【4】
女性は雨に言葉を遮られ、口を噤んだ。
僕は念願の雨が降ったにも拘らず、ずっと女性の目を見つめていた。
「・・・泣いているのですか」
しびれを切らしたのか、女性が切り出した。
「泣いてなんかいませんよ」
「世界が悲しんでいますよ。死ななくてよいのですか」
「ええ、死にますとも」
僕はもう一度縁に上った。空一面が悲しんでいる。晴れる気配など微塵もない。
「そうだ」
空を眺めながら女性に話しかけた。
「もし死後の世界があるとするのなら、僕が証明してみせましょう」
「・・・どういうことですか」
「今から飛び降ります。死んだ後、もし幽霊になれたら、あなたの目の前に現れて見せましょう。現れなかったとしたら、死後の世界なんて無かったということだ。あなたの信じる死後の世界なんてね」
「私は幽霊を見たことがありません。もし、あなたが幽霊になれていたとしても、見えていなかったら意味がありません」
「だったら、飛び降りればいい。自分で確かめればいい話でしょう。幽霊になれるのかどうか」
「・・・勝手な人ですね」
言いたいことを言い切ったので、目を閉じ、天を仰いだ。顔に当たる冷たい雨粒が、死のうとしている僕を清めるように、身体を伝って流れていく。
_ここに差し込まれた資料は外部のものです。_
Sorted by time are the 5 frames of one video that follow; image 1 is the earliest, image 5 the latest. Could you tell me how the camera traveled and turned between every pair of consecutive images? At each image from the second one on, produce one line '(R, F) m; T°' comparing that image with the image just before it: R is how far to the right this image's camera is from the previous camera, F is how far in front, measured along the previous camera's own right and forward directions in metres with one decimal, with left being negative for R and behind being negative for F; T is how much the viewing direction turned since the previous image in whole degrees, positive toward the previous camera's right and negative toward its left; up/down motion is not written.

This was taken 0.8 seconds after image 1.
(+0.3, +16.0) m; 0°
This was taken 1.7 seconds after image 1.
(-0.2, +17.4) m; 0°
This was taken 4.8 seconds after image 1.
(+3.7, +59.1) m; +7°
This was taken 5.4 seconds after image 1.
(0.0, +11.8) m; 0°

心はこれまでにないくらい澄み切っていた。僕は、ようやく選べるのだ。
何も選べない人生だった。何もかも選べなかった。そんな僕が、ようやく選べたのだ。自分自身の死に方を—————。
「もし、あなたの言う通り、空に感情があるのだとしたら———」
女性の声が聴こえる。
「あなたが産まれた日に降った雨は、きっと——————」
僕は一歩、踏み出した。
身体が雨粒を置き去りにして落ちていく。風を感じる暇もなく、僕の身体は吸い込まれるように、地面に———————。